In Colorado, where I spent much of my youth, Autumn is a mix
of colorful, falling leaves, and the cold, icy snowfall of Winter. Winter and Fall are somehow mixed into one
glorious season of harsh beauty. It is piles
of red and yellowed leaves being blown across the streets by snowy winds. It is heavy, wet snow breaking the branches
off of the semi bare trees. Funny
though, how when we think of Colorado in the last months of the year, we do not
think of the slushy, dirty snow being thrown from tire to windshield as we make
our way to our destinations. We think
instead, of the beautiful, untouched snowfall, blanketing us safely in our warm
homes. It awakens memories of snowmen,
sledding and homemade hot chocolate in our childhood memories.
As an adult, this time of year brings with it a certainty
that I was destined to be the mother of sons. I think of the countless evenings
spent under the Friday Night Lights of a high school football field. Watching and applauding as my sons charged
through a line of young men, laying them down in the battle over an oblong
ball. The cheers of adolescents chanting
for an obscure mascot that championed their cause. The marching band playing their weekly
testament to J.Geils Band by means of a Horn section screaming out the notes of Angel is the
Centerfold. The deep throaty yells of
fathers and mothers alike calling for the conqueror in their child to be
present in the moment and to all but flatten his opponent. These were the calls of testosterone in the
landscape. Our sons were called to the
field and there, they became the barbarians much like their forefathers. Instead of hunting and fighting territorial
wars, they battled one another down 100 yards of landscaped grass, marked off
by white chalk lines.
These events awakened something inside of the parent in
me. During these moments, my need to
nurture hibernated in the stands, and I stood in pride with the other barbaric
parents, calling for my sons, to do what seemed to come naturally to them. Somehow, in the grittiness of these high
school games, I first recognized that my sons would not need me to take care of
them for very long. In retrospect, I
feel that if I had daughters, I would not have learned this as soon as I did.
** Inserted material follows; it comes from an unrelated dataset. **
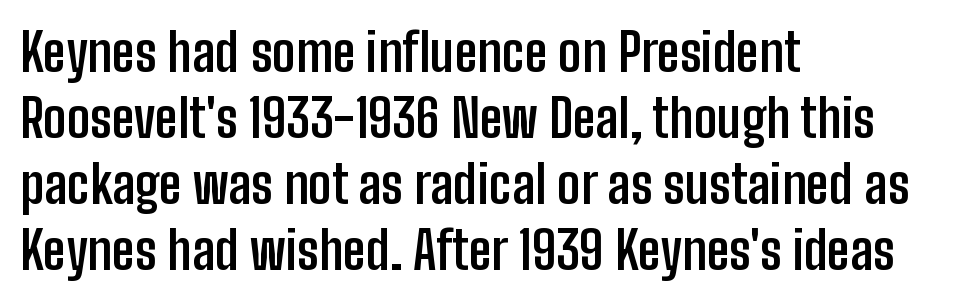
The image shows 52 px semibold, condensed sans-serif type, upright; set left-aligned, normal line spacing (1.27x), normal letter spacing, not underlined; low stroke contrast and a medium x-height.
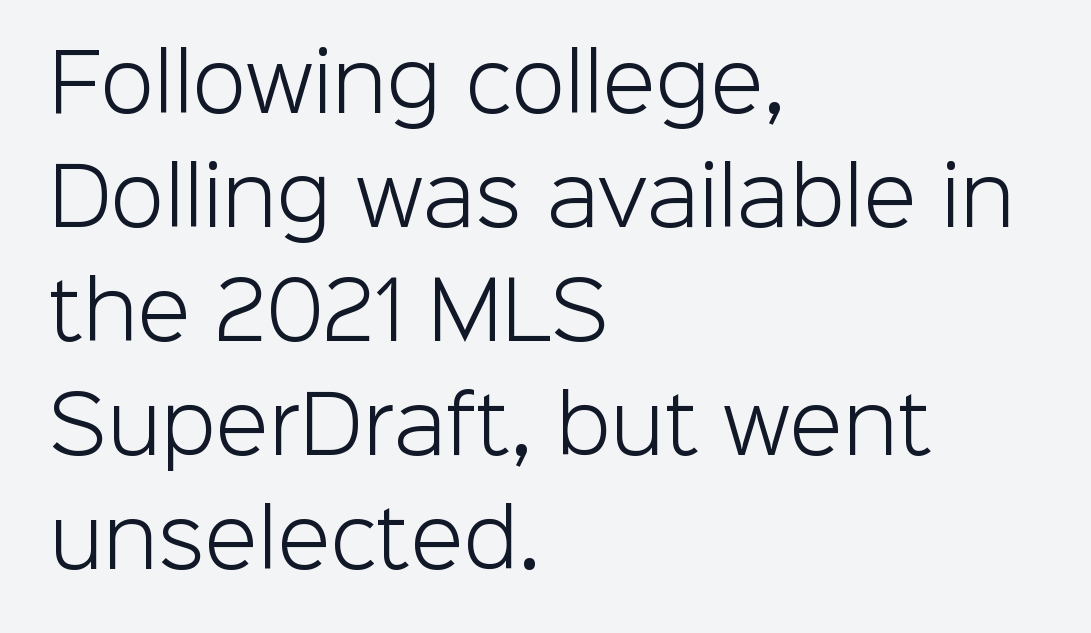
{"serif": "no", "italic": "no", "bold": "no", "weight": "light", "width": "normal", "stroke_contrast": "low", "x_height": "medium", "monospaced": "no", "underline": "no", "align": "left", "line_spacing": "normal", "line_spacing_ratio": 1.46, "letter_spacing": "normal", "letter_spacing_em": 0.0, "glyph_px": 78}

Any mother knows, it is hard to let go of the babies we raise. They get to a certain point where they may
not need our support in most areas of life, but still we hold on, trying to
have influence on the one small area of life that they allow us in. Somehow, Friday Night home games taught me
that I was destined to be the mother of sons, but it also taught me how to
allow my sons to become adults, just
outside of my reach.
It is interesting to me that people refer to those later in
their life as being in the “Autumn” of life.
I understand why. Where Spring
gives way to new life, Autumn, is the winding down of the life cycle. It is the time that animals forage, and build
up their stores to make it through the long hard winter. But to me, Autumn has always somehow brought
everyone closer to home and the safety and warmth that home created for
us. It is Big pots of stick to your
bones stews and fires in the fireplace.
It is family gatherings and time with those we value the most. But it is also the beginning. It is the start of a new school year. It is a
time of abundance as the harvest is brought in.
It is a time of strengthening, and a time of growth as we take those
First day of school pictures to compare year over year. For me, it is a time that I will cherish each
year as I remember all of the new beginnings
and firsts or my sons. The
Halloween costumes, and adventures that
the cooler months brought with them. The lessons that my sons taught me about
myself, and who I am as a woman, and as a mother. I cannot wait to see what the next
generation has to teach me about myself as a grandmother. I feel like even at
the age of 47 I am 1st and 10, with 60 minutes of play left for me
to learn.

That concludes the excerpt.